The notion that immigration should be curbed because of the welfare state is not new. It's pretty much a conservative myth, because immigrants tend to be very productive and thus good for the tax coffers. In fact, that is one reason for Bush's Mexican guest worker proposal: legitimize the workers and make them pay taxes. But painting immigrants as freeloaders is good politics for the xenophobic right and for the labor union left, who oppose immigration for different, and equally wrong (in my view), reasons.

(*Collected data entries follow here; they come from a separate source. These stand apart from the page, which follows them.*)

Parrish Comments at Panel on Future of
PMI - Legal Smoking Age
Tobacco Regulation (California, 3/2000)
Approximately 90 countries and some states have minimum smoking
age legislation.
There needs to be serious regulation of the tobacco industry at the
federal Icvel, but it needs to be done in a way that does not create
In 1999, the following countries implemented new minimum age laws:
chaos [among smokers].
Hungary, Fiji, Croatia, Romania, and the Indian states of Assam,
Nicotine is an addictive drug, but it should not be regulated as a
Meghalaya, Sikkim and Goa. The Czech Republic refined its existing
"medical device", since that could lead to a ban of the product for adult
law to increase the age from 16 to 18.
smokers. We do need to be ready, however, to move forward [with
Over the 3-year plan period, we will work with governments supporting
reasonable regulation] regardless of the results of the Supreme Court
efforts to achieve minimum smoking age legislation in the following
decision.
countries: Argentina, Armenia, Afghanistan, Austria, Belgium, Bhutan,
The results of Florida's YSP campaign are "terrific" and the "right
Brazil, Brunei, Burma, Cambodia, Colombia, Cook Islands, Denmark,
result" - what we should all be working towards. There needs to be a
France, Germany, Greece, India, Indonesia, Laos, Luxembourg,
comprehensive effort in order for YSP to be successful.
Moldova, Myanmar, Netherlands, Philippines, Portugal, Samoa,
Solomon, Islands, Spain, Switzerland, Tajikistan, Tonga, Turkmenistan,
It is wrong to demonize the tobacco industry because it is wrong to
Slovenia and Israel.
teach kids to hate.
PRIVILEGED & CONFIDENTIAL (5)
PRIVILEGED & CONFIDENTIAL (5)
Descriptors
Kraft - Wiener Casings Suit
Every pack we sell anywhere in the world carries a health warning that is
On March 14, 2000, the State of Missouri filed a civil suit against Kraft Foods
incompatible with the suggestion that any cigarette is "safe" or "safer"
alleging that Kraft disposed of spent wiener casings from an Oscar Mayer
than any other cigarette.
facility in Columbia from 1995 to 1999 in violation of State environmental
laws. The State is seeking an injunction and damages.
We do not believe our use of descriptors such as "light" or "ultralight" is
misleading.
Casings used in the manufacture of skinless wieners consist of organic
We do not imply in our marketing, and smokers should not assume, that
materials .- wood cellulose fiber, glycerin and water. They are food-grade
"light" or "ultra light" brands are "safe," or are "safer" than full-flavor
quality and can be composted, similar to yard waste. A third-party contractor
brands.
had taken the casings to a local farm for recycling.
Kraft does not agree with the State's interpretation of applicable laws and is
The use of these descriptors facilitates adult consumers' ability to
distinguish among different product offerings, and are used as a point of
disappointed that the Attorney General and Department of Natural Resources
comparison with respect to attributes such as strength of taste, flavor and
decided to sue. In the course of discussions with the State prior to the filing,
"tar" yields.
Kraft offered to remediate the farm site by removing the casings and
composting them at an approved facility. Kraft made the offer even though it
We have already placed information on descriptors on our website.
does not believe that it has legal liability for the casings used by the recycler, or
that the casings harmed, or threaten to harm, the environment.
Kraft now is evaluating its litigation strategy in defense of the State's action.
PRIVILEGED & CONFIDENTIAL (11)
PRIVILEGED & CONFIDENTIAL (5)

But back to my original point: I haven't seen much in these posts that blew me away as unusual insights. There is some shock value to the posts: one-upmanship on who can come up with a more shocking proposal that has a bottom line of helping the rich. I'm waiting for something to shock me into thinking, "wow - that's a brilliant idea." Something worthy of a Nobel Prize winner. Hasn't happened yet on this blog.

Corey

The idea of paying for immigration is only new in the sense that it has been so long disfavored in civilized societies that we have forgotten the reasons for disfavoring it in the first place.

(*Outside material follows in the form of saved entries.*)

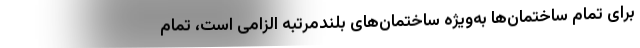
برای تمام ساختمان‌ها به‌ویژه ساختمان‌های بلندمرتبه الزامی است، تمام
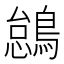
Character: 𫛋
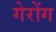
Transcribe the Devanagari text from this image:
गेरोंग
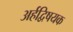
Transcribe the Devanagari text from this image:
अर्हद्विषयक
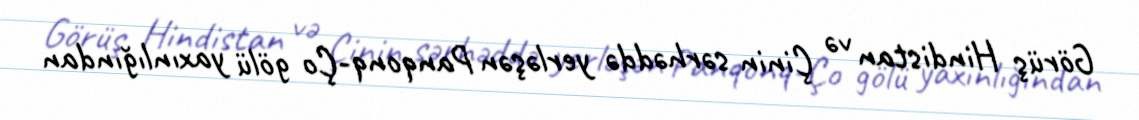
Görüş Hindistan və Çinin sərhəddə yerləşən Panqonq-Ço gölü yaxınlığından
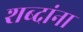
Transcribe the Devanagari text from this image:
शब्‍दांना
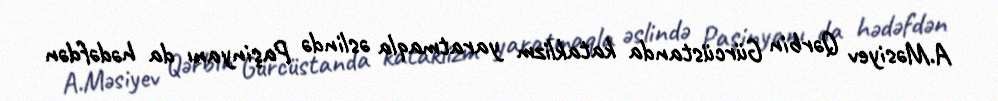
A.Məsiyev Qərbin Gürcüstanda kataklizm yaratmaqla əslində Paşinyanı da hədəfdən
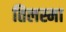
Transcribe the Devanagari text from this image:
तिलस्मा
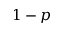
1 - p
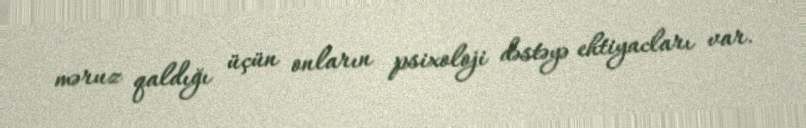
məruz qaldığı üçün onların psixoloji dəstəyə ehtiyacları var.
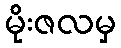
မိုးဇလမှ
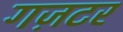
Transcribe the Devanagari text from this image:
गज़टर
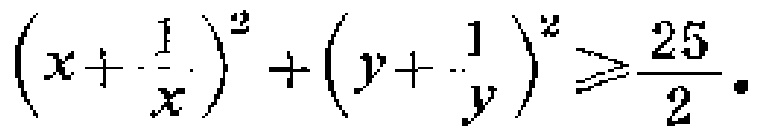
\(\left(x + \frac{1}{x}\right)^2 + \left(y + \frac{1}{y}\right)^2 \geqslant \frac{25}{2}\)
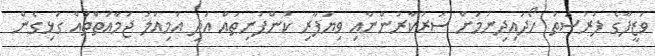
ވަޒީފާގެ ފުރުސަތު ހޯދައިދިނުމަށް ސަރުކާރުންނާއި ވިޔަފާރި ކުންފުނިތައް އަދި އަމިއްލަ ޖަމާއަތްތައް ގުޅިގެން
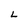
Character: L
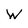
Character: W
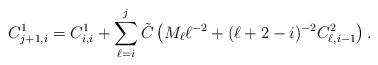
LaTeX: \begin{align*}C_{j+1,i}^{1}=C_{i,i}^{1}+\sum_{\ell=i}^{j}\tilde{C}\left(M_{\ell}\ell^{-2}+(\ell+2-i)^{-2}C_{\ell,i-1}^{2}\right).\end{align*}

Living in a coastal city and keeping your eyes open will teach you very fast that each wave of immigrants, having established itself in the American economy, immediately turns to protectionism to keep the next wave of immigrants from doing the same thing.

If you ever get the chance, go to Montreal and contrast the vibe there with that of New York or Boston. Montreal is the most diverse city in this hemisphere I believe, due to Canada's comparatively open immigration policy. Yet it is less violent, less segregated, more culturally sophisticated, and more livable than comparable U.S. cities.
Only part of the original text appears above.